◆ Work required:
Leaving out the pictures, output each record exactly as it stands.

Data excerpts
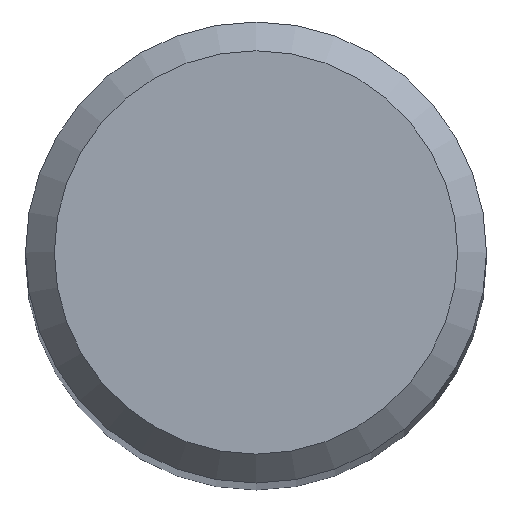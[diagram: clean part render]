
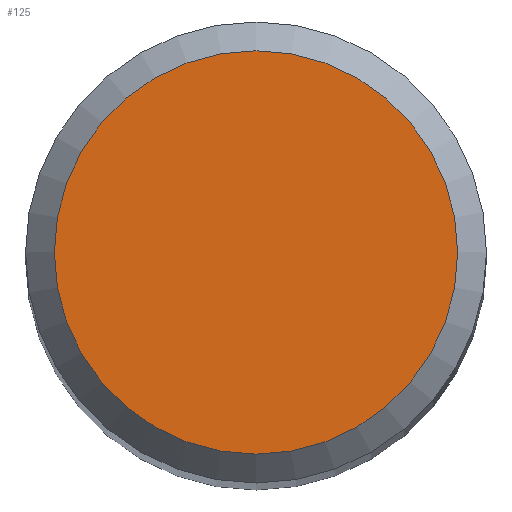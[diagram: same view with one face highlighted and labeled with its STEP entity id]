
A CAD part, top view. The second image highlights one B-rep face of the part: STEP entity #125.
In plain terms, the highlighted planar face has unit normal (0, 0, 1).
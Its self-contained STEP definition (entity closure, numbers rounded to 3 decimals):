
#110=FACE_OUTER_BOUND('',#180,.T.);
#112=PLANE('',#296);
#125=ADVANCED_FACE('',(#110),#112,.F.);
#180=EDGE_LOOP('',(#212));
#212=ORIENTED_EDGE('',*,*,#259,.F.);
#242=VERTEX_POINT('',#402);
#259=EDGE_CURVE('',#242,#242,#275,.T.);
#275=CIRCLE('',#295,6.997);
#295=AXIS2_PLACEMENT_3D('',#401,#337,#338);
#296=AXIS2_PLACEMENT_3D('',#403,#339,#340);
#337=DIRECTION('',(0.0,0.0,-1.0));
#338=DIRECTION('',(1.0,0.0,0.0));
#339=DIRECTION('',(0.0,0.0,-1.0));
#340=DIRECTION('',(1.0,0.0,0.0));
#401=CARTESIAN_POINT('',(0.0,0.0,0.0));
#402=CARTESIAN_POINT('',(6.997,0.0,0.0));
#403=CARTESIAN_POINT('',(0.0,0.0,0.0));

◆ Solved exercise:
[diagram: clean part render]
[diagram: same view with one face highlighted and labeled with its STEP entity id]
A CAD part, top view. The second image highlights one B-rep face of the part: STEP entity #125.
In plain terms, the highlighted planar face has unit normal (0, 0, 1).
Its self-contained STEP definition (entity closure, numbers rounded to 3 decimals):
#110=FACE_OUTER_BOUND('',#180,.T.);
#112=PLANE('',#296);
#125=ADVANCED_FACE('',(#110),#112,.F.);
#180=EDGE_LOOP('',(#212));
#212=ORIENTED_EDGE('',*,*,#259,.F.);
#242=VERTEX_POINT('',#402);
#259=EDGE_CURVE('',#242,#242,#275,.T.);
#275=CIRCLE('',#295,6.997);
#295=AXIS2_PLACEMENT_3D('',#401,#337,#338);
#296=AXIS2_PLACEMENT_3D('',#403,#339,#340);
#337=DIRECTION('',(0.0,0.0,-1.0));
#338=DIRECTION('',(1.0,0.0,0.0));
#339=DIRECTION('',(0.0,0.0,-1.0));
#340=DIRECTION('',(1.0,0.0,0.0));
#401=CARTESIAN_POINT('',(0.0,0.0,0.0));
#402=CARTESIAN_POINT('',(6.997,0.0,0.0));
#403=CARTESIAN_POINT('',(0.0,0.0,0.0));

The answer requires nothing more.